One of the newest challenges on the block there is Xtend Barre. Developed by the dancer turned Pilates instructor Andrea Rogers, Xtend Barre is a fusion of stretches, cardio work and basic ballet movement. With classes also launched in Australia, London and Paris, it's available in Dubai through Soma Pilates Studio at Urban Bohême Spa (www.soma.ae) and in Abu Dhabi at Yoga Tree (www.yogatree.ae).
The need for us all to do more stretching is also something that Dr Samuel Saukkonen, medical director at Chiropractic Dubai, insists should be a health priority.
"Our lifestyles have changed dramatically over the past 20 years and we have found that people have become far less active than previously," says Saukkonen. "Whereas before we would find children playing in parks, cycling and being more active, we have found the shift has been towards a much more sedentary lifestyle.
"Concerns here in the UAE have been voiced about a lack of exercise. We see many patients who come to us claiming they cannot exercise regularly because of an injury or pain caused by their lifestyle or job, but they cannot do anything about it," he explains.
While modern lifestyles may bring many benefits, the likes of Saukkonen fear that the way we work and our love of computer-based technology comes at a severe cost to workers in the UAE. "Most of us sit in the office with our heads and shoulders in a forward position - on laptops, BlackBerrys, computers, driving. Repeated day after day, for months or years, these habits place undue stress on the muscles of our neck and shoulders as well as the lower back and hips."
Over an extended period of time experts find that this can cause physical and mechanical changes to our muscle and joint structure and function, and even alter the neurological pathways to our brain and spinal cord. "Just imagine that as your muscles shorten, chronic muscle and joint irritation can actually cause slow scarring inside these structures," says Saukkonen. "No wonder you then feel 'stiff'."
Saukkonen is among many who recommend regular DIY stretching drills to cut your risk of long-term aches and pains. But he's also aware that exercise of any form often needs some serious motivation, which is where the social buzz and routine of a Pilates class can prove doubly helpful.

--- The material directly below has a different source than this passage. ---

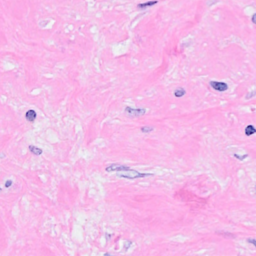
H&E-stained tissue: Breast

"Most of us, myself included, think stretching is rather boring and we often find ourselves sacrificing it for any other physical activity," says Saukkonen. "But as you can imagine, that sacrifice comes at a rather painful cost. That is why I myself think of it as something that is the means to reach my personal goals. I know that without it, I for example would not be able to do certain sports I love to do on a regular basis."

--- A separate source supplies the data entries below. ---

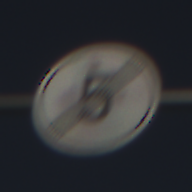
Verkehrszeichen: EndeGeschwindigkeit5
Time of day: MorningAfternoon
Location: Outdoor (Nature)
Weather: PartlyCloudy
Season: NotSpecified
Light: Natural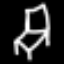
Label: chair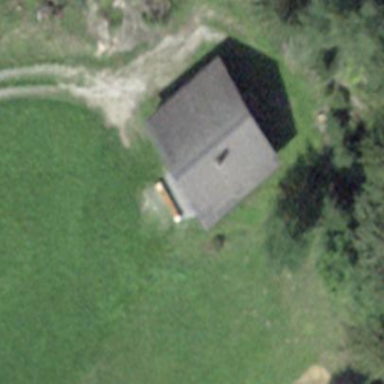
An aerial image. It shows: Cabin is depicted in the image.

At her Pilates classes, Noble believes that employing stretching drills won't just combat muscle strain and improve your sporting prowess, it can also seriously help workers rid themselves of the symptoms of stress.
"First and foremost, Pilates teaches you how to breathe, an essential tool for relieving stress. It both disciplines and strengthens the mind and body," she says. "And due to the hot weather that is experienced for most of the year here, yoga and Pilates offer great exercise alternatives to outdoor activities when it is too hot. Once people try the classes and see how fast they feel the benefits and effects, they are hooked."
Before signing up for a class, Noble suggests you read up a little on the principles of yoga and Pilates. "Perhaps even watch a video on it, and be sure to research the studio and instructors to make sure that everything is organised professionally," she says.
In the meantime, reap the rewards of a good stretch by following some tips from our expert (above).